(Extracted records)
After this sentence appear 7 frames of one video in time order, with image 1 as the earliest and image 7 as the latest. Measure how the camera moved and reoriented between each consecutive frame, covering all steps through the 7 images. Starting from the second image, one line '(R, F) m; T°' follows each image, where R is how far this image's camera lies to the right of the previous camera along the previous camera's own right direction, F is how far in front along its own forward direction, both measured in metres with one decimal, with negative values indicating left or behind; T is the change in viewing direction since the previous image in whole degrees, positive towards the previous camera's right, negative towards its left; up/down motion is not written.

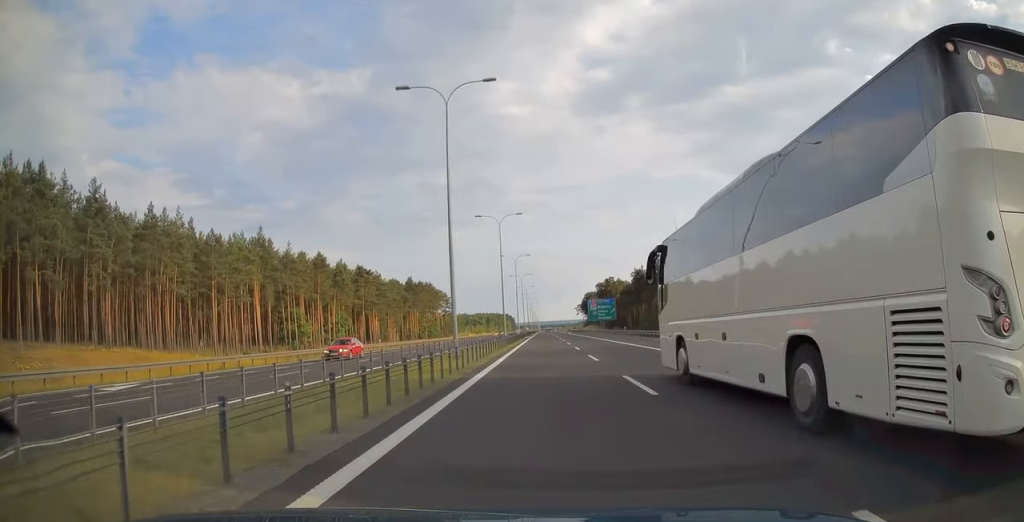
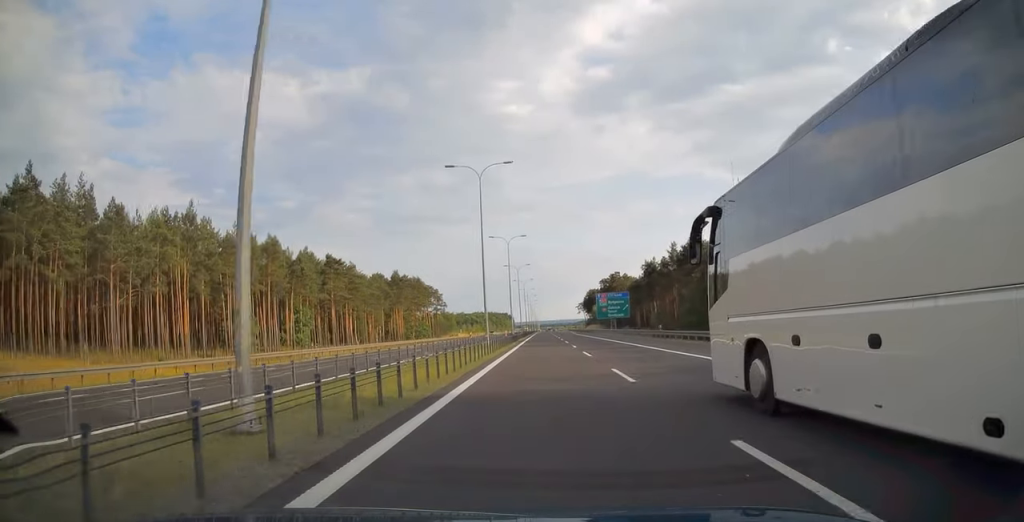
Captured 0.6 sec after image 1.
(0.0, +21.5) m; 0°
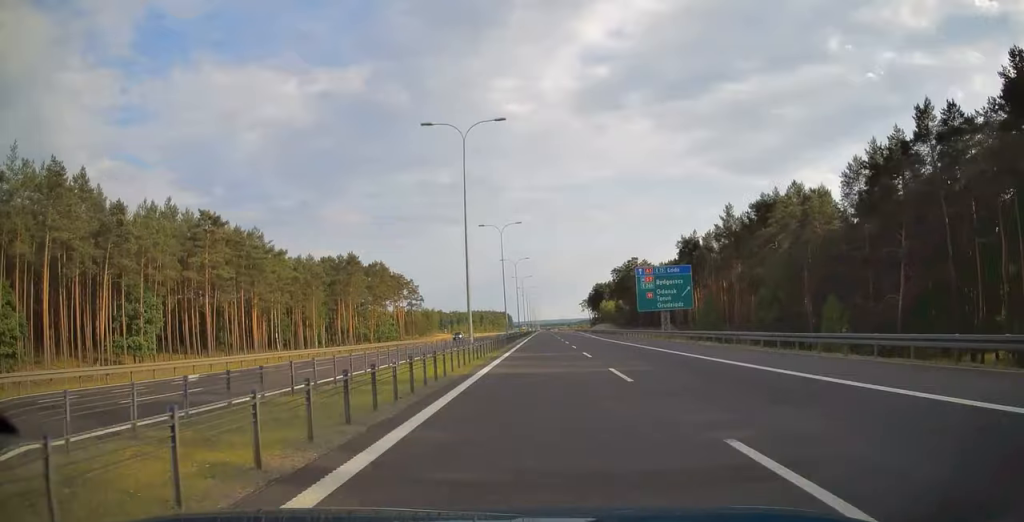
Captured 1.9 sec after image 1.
(+0.1, +48.2) m; 0°
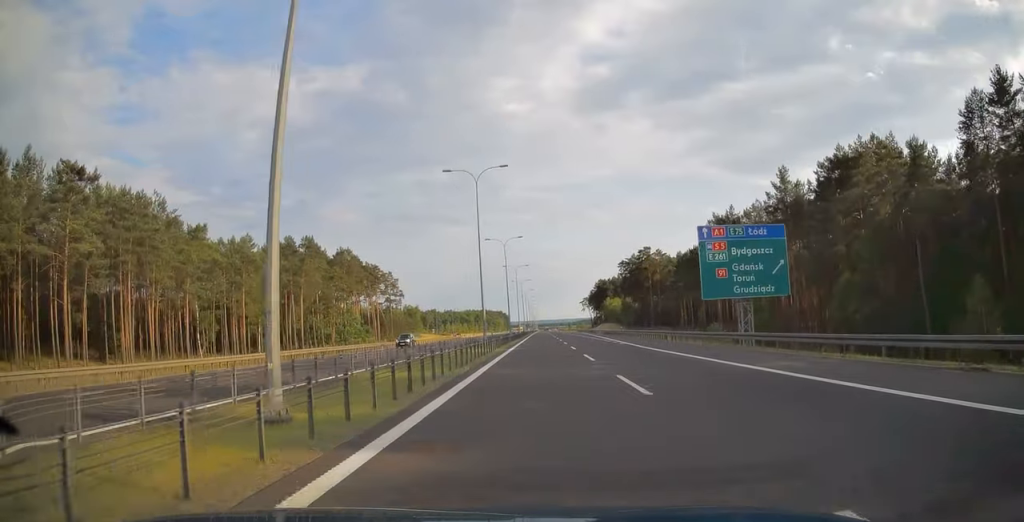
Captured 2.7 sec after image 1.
(-0.1, +26.7) m; 0°
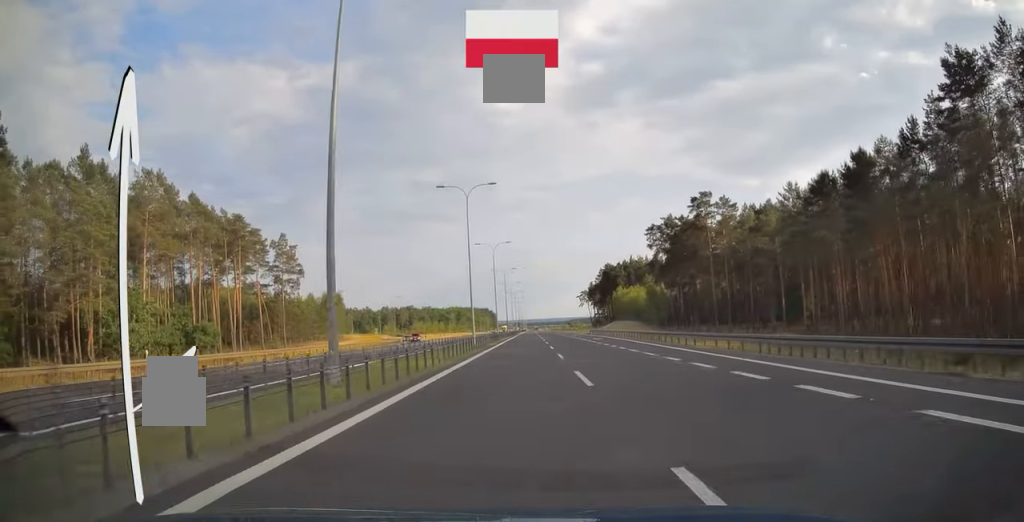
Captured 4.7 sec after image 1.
(+0.3, +70.5) m; +1°
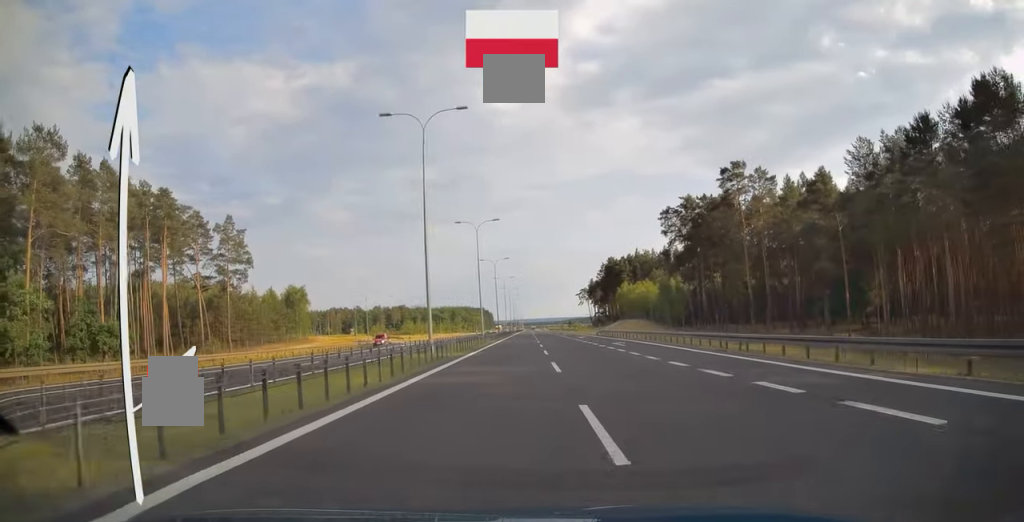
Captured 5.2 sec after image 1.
(0.0, +19.5) m; 0°
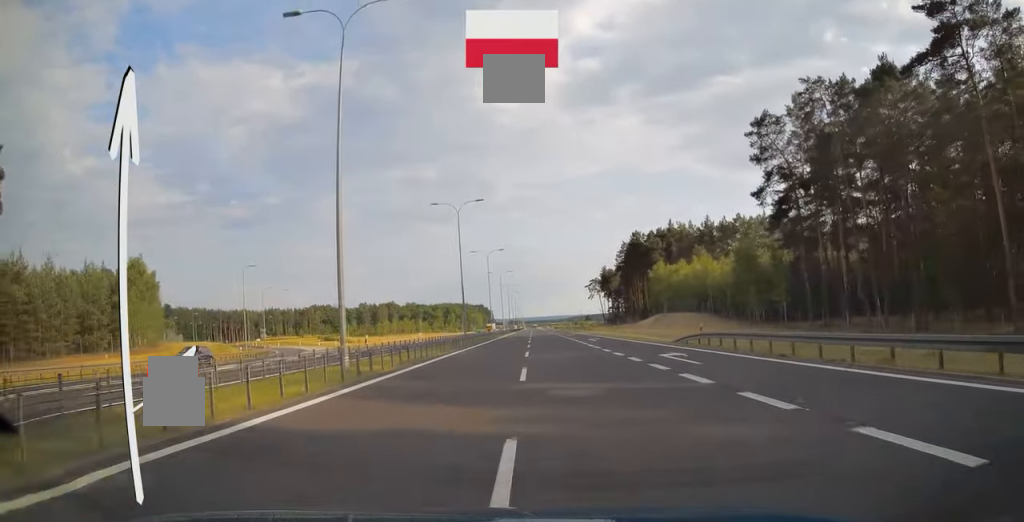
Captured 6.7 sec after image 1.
(+0.2, +51.5) m; 0°

• **What this task involves**: Omit the pictures, then output every record exactly as given.

• **Response to the task**:
After this sentence appear 7 frames of one video in time order, with image 1 as the earliest and image 7 as the latest. Measure how the camera moved and reoriented between each consecutive frame, covering all steps through the 7 images. Starting from the second image, one line '(R, F) m; T°' follows each image, where R is how far this image's camera lies to the right of the previous camera along the previous camera's own right direction, F is how far in front along its own forward direction, both measured in metres with one decimal, with negative values indicating left or behind; T is the change in viewing direction since the previous image in whole degrees, positive towards the previous camera's right, negative towards its left; up/down motion is not written.

Captured 0.6 sec after image 1.
(0.0, +21.5) m; 0°
Captured 1.9 sec after image 1.
(+0.1, +48.2) m; 0°
Captured 2.7 sec after image 1.
(-0.1, +26.7) m; 0°
Captured 4.7 sec after image 1.
(+0.3, +70.5) m; +1°
Captured 5.2 sec after image 1.
(0.0, +19.5) m; 0°
Captured 6.7 sec after image 1.
(+0.2, +51.5) m; 0°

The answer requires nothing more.